M. Alexander Otto/MDedge News
Dr. Zian Tseng

Fibrosis is a known trigger for fatal arrhythmias, so the take home is that fibrosis should be considered as a criteria for defibrillator implantation in HIV patients, said lead investigator Zian Tseng, MD, a cardiologist, cardiac electrophysiologist, and professor of medicine at the University of California, San Francisco.

The finding also speaks to a larger issue. The main criterion right now for implantation is an ejection fraction below 35%, but “there are a lot of people who die suddenly with normal ejection fractions,” and not just people with HIV, he said.

Many of those deaths might be prevented if fibrosis is added to implantation criteria. All that’s needed for assessment is a cardiac MRI, Dr. Tseng said.

The approach would be particularly fruitful for HIV patients, but cardiac fibrosis “isn’t just an” HIV problem, he said.

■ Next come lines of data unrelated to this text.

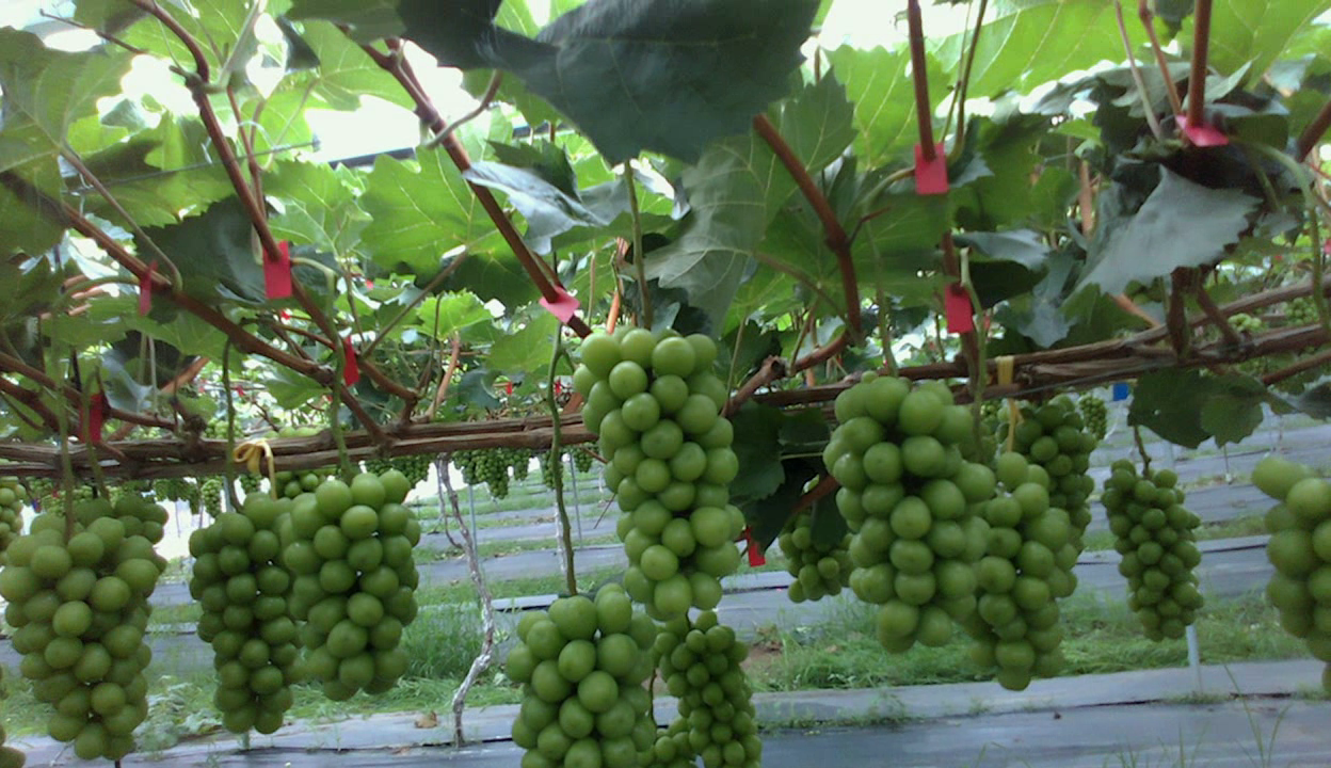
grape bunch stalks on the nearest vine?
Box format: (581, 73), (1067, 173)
(1237, 139), (1329, 334)
(546, 325), (576, 594)
(82, 367), (110, 499)
(960, 250), (988, 459)
(302, 258), (352, 483)
(49, 276), (134, 541)
(624, 161), (653, 330)
(222, 340), (240, 509)
(861, 172), (902, 374)
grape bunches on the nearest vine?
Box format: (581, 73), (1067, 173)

The conclusions have their roots in an investigation to determine the true incidence of sudden cardiac death (SCD) in the general public. SCD is commonly listed on death certificates, but it’s a presumed diagnosis, based on the best guesses of paramedics and clinicians. Autopsy is the only way to know for sure if a death was truly due to a sudden cardiac arrhythmia, or even related to the heart,

To clear the wheat from the chaff, Dr. Tseng and his colleagues performed autopsies on 525 out-of-hospital SCD cases among adults in San Francisco from 2011-2016; to qualify, the cases had to meet World Health Organization SCD criteria, meaning unexpected death within 1 hour of symptom onset, or, in unwitnessed cases, within 24 hours of when the person was last seen alive and well.

Cases were considered sudden arrhythmic death – and, therefore, true SCD – if no extracardiac causes of death or acute heart failure were found on autopsy. Overall, 40% of deaths attributed to SCD “were not sudden or unexpected, and nearly half of presumed SCDs were not arrhythmic.” The findings had “implications for ... mortality data, clinical trials, and cohort studies,” Dr. Tseng and his team concluded (Circulation. 2018 Jun 19;137[25]:2689-2700).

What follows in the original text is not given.